Remember to replace 0000004-180211201027900-oozie-oozi-C with your id from above.

oozie job -oozie http://localhost:11000/oozie -info 0000004-180211201027900-oozie-oozi-C
0000004-180211201027900-oozie-oozi-C@528   SKIPPED   -                                    -         2018-02-12 03:18 GMT 2018-02-12 02:55 GMT 
------------------------------------------------------------------------------------------------------------------------------------
0000004-180211201027900-oozie-oozi-C@529   SKIPPED   -                                    -         2018-02-12 03:18 GMT 2018-02-12 03:00 GMT 
------------------------------------------------------------------------------------------------------------------------------------
0000004-180211201027900-oozie-oozi-C@530   SKIPPED   -                                    -         2018-02-12 03:18 GMT 2018-02-12 03:05 GMT 
------------------------------------------------------------------------------------------------------------------------------------
0000004-180211201027900-oozie-oozi-C@531   SKIPPED   -                                    -         2018-02-12 03:18 GMT 2018-02-12 03:10 GMT 
------------------------------------------------------------------------------------------------------------------------------------
0000004-180211201027900-oozie-oozi-C@532   RUNNING   0000005-180211201027900-oozie-oozi-W -         2018-02-12 03:18 GMT 2018-02-12 03:15 GMT

You will see all of the workflows that this coordinator has scheduled. There should only be one running at a time and the one that is running should have a workflow id now (0000005-180211201027900-oozie-oozi-W in our case). This allows us to jump into the workflow and check the status of it. Let’s do that now.

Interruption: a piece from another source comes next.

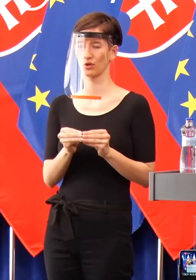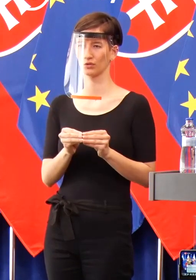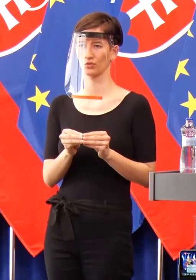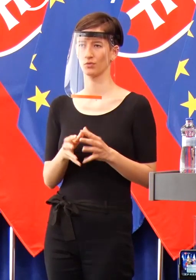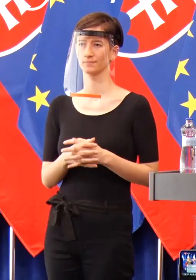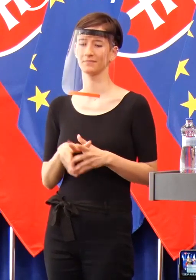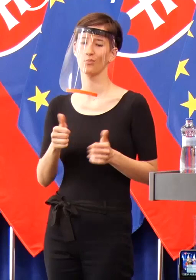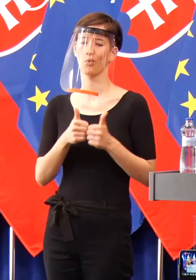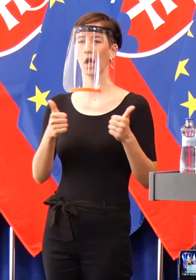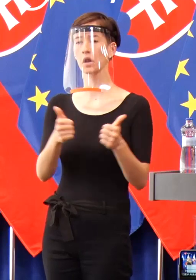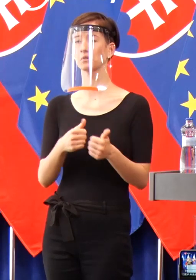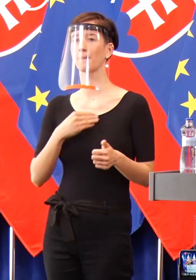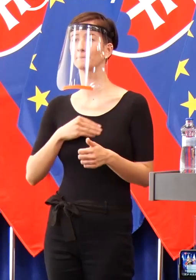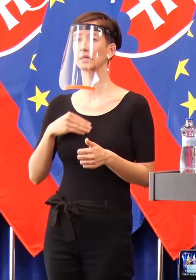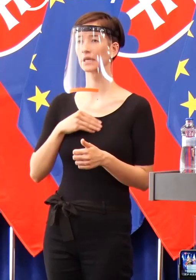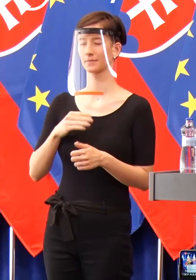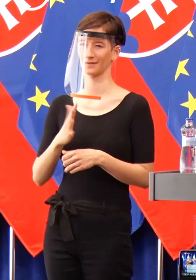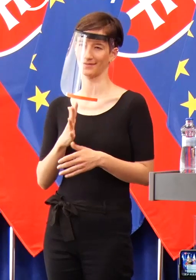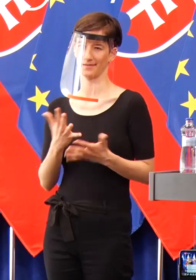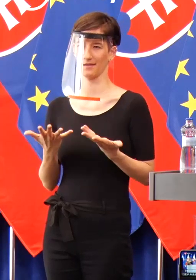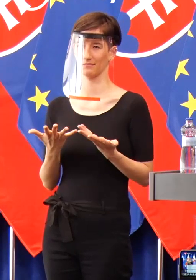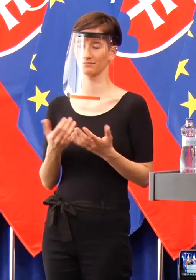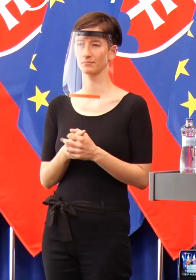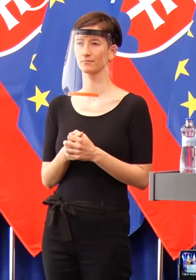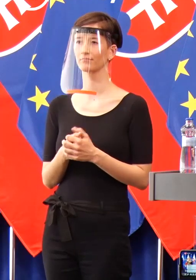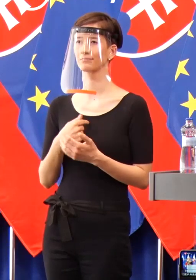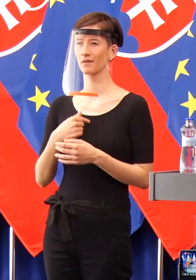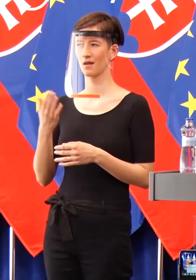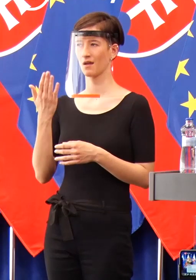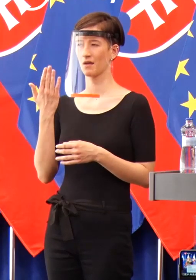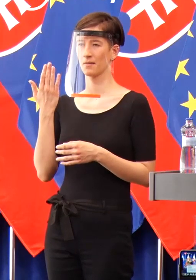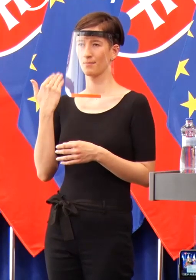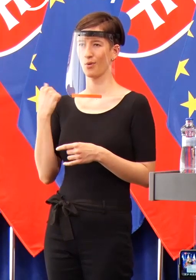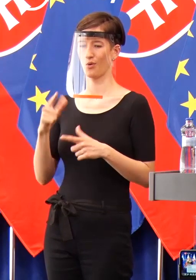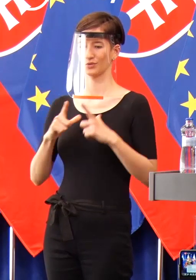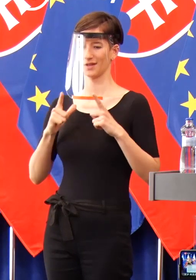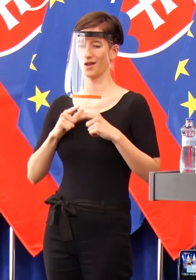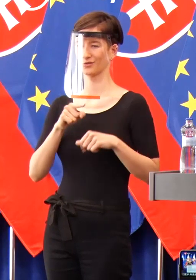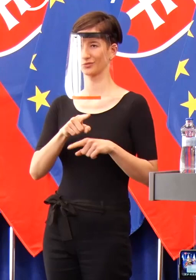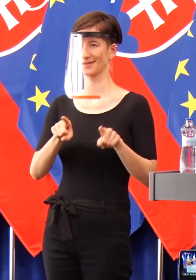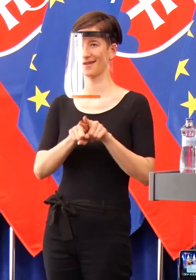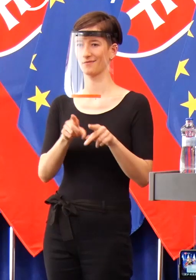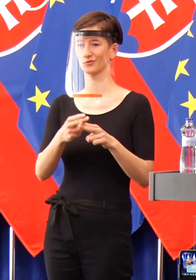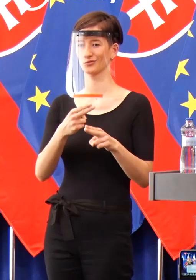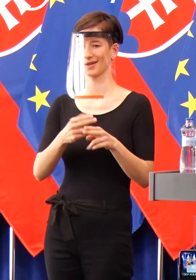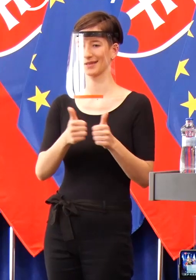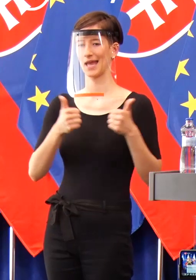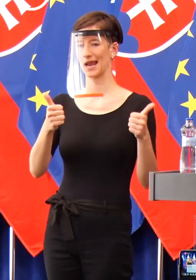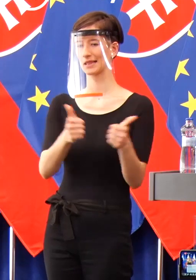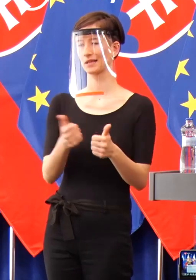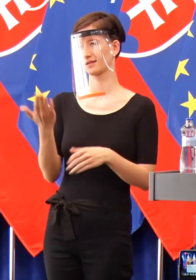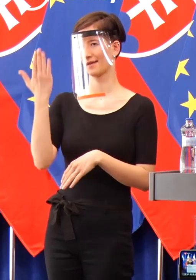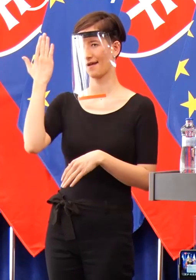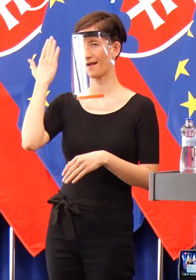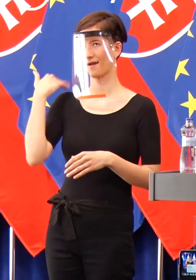není nič príjemné. Mal som možnosť 2003 toto zažiť a preto ich prosím o trpezlivosť, aby to

oozie job -oozie http://localhost:11000/oozie -info 0000005-180211201027900-oozie-oozi-W
Job ID : 0000005-180211201027900-oozie-oozi-W
------------------------------------------------------------------------------------------------------------------------------------
Workflow Name : repopulateHbase
App Path      : hdfs://quickstart.cloudera/repopulateHbaseWorkflow.xml
Status        : RUNNING
Run           : 0
User          : root
Group         : -
Created       : 2018-02-12 03:18 GMT
Started       : 2018-02-12 03:18 GMT
Last Modified : 2018-02-12 03:18 GMT
Ended         : -
CoordAction ID: 0000004-180211201027900-oozie-oozi-C@532
Actions
------------------------------------------------------------------------------------------------------------------------------------
ID                                                                            Status    Ext ID                 Ext Status Err Code  
------------------------------------------------------------------------------------------------------------------------------------
0000005-180211201027900-oozie-oozi-W@dropScript                               PREP      -                      -          -         
------------------------------------------------------------------------------------------------------------------------------------
0000005-180211201027900-oozie-oozi-W@:start:                                  OK        -                      OK         -         
------------------------------------------------------------------------------------------------------------------------------------

This will show the status of the workflow. You can keep running this command until you see it finish. Once it is complete you can query HBase and see the data inside of the tables.

Kill the Coordinator

Before we go, let’s go ahead and kill the coordinator because earlier we told the coordinator that we want it to run forever. This is not necessarily good for our single node docker image cluster. So let’s kill the coordinator with the following command:

oozie job -oozie http://localhost:11000/oozie -kill 0000004-180211201027900-oozie-oozi-C

Congratulations. You have successfully scheduled two separate Hadoop jobs to run sequentially using Oozie. You have the basics to create your own workflows.